ELI Web Seminar, July 21, 2008 1:00 p.m. ET (12:00 p.m. CT, 11:00 a.m. MT, 10:00 a.m. PT); runs one hour

Community-Generated Media

Special Guest

View ELI Web Seminar Archive
Seminar Materials

David VogtDavid Vogt
Executive Director of the Mobile MUSE Network and Director of Digital Learning Projects, Faculty of Education, University of British Columbia
and
CEO, CrowdTrust Technologies

David Vogt is an innovator and entrepreneur who specializes in collaborative applied research involving mobile and social media technologies. Most pertinent to this webinar, Vogt is the founder and executive director of the Mobile MUSE Network, which serves as an innovation engine for mobile media in Canada. Since 2004 Mobile MUSE has provided a rapid public prototyping capacity for community, corporate, government, and academic partners seeking to pioneer how mobile media can enliven open public spaces. In the current third phase of applied research (MUSE3), the network is focusing on "community-generated media" leading up to the public celebrations and engagements of the 2010 Winter Olympics in Vancouver.
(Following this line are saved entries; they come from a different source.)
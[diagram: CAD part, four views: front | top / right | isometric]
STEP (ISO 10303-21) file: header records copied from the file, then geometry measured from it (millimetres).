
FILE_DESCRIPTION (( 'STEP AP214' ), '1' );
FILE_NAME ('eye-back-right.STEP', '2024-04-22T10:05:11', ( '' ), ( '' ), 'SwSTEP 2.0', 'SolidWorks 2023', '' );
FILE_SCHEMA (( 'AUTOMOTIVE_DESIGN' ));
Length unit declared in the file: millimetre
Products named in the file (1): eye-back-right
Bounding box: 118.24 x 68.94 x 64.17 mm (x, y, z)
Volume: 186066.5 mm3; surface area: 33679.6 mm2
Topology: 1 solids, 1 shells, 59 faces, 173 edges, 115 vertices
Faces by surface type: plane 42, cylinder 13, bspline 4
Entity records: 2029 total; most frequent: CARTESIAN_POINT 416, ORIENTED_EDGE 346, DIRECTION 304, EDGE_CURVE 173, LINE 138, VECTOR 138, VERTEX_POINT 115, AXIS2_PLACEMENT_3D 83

Vogt is also director of digital learning projects within the Faculty of Education at the University of British Columbia and CEO of CrowdTrust, a Web 2.0 start-up offering collective intelligence solutions based on semantic social software. At different points in his career, Vogt has been an observatory director, science museum director, dot-com CEO, and research lab director.

Summary

Julie Little, interim director of the EDUCAUSE Learning Initiative, will moderate this web seminar with David Vogt, where he’ll take participants inside the world of community-generated media (CGM) through a project with the Mobile MUSE Network in Vancouver.

Community-generated media is the real-world equivalent of “user-generated content” online. As our major media begin to roll out into our streets via wireless networks, handheld devices, and public displays, an exciting opportunity arises for the personal and social potential of these media to foster a "Renaissance 2.0" within our cities and community spaces. Ambient urban media still follows a broadcast paradigm (like TV), whereas the primary dynamic of public space is social (like the Internet). Humanity's participative nature will make it possible for communities to collectively create vibrant, hyperlocal identities for themselves through media. Think of CGM as a “strange loop” where communities generate media that generate community.
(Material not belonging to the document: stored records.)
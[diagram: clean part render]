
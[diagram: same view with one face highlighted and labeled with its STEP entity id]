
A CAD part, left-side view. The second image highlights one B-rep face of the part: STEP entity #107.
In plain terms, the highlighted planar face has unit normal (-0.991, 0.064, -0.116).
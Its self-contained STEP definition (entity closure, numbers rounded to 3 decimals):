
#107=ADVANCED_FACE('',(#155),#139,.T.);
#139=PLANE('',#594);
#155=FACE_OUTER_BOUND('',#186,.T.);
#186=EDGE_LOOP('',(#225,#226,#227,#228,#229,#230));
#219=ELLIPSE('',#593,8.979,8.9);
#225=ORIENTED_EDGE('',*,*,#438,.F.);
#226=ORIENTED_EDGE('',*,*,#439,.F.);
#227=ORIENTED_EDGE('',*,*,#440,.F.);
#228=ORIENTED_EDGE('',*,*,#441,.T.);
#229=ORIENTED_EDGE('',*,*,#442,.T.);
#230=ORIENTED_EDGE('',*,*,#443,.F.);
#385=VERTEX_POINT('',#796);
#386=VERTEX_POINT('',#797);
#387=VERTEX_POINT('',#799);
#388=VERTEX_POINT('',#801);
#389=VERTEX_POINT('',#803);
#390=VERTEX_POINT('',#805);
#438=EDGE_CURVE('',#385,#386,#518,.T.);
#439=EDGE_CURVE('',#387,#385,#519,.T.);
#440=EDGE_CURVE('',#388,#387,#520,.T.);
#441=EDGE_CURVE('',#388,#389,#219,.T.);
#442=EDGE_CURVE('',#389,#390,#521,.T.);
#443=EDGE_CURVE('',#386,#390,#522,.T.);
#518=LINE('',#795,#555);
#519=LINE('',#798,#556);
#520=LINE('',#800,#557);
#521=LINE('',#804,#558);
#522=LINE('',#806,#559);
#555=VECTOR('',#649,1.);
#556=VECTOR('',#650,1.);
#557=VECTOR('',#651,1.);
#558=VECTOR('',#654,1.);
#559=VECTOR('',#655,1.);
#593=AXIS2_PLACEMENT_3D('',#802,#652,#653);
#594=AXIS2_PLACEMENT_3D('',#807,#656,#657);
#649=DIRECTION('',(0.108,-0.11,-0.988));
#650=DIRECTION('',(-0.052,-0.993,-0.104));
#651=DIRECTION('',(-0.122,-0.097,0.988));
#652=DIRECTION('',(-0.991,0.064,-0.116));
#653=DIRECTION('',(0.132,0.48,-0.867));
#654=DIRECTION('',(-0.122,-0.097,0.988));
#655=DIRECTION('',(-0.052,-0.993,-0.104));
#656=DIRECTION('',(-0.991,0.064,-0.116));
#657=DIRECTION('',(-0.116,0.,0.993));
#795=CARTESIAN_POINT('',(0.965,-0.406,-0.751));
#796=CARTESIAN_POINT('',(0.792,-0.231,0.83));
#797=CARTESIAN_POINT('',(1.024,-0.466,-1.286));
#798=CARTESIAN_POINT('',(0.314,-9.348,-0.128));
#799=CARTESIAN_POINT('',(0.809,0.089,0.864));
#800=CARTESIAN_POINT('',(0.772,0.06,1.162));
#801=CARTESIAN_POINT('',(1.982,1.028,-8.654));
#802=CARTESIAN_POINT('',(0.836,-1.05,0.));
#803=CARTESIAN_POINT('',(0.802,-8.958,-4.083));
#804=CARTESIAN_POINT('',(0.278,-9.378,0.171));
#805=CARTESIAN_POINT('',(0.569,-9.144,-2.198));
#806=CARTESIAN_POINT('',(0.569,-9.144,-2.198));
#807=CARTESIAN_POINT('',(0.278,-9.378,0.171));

Vogt will introduce the CGM program currently under way with the Mobile MUSE Network in Vancouver. The network has designed a mobile services platform to enable the staging of collective media experiences streamed between handheld devices and public displays. A pair of showcase projects explore "a tale of two cities"—the remarkably parallel aspirations of the Whistler ski resort and Vancouver's downtown eastside, each seeking to tell its own story with mobile media.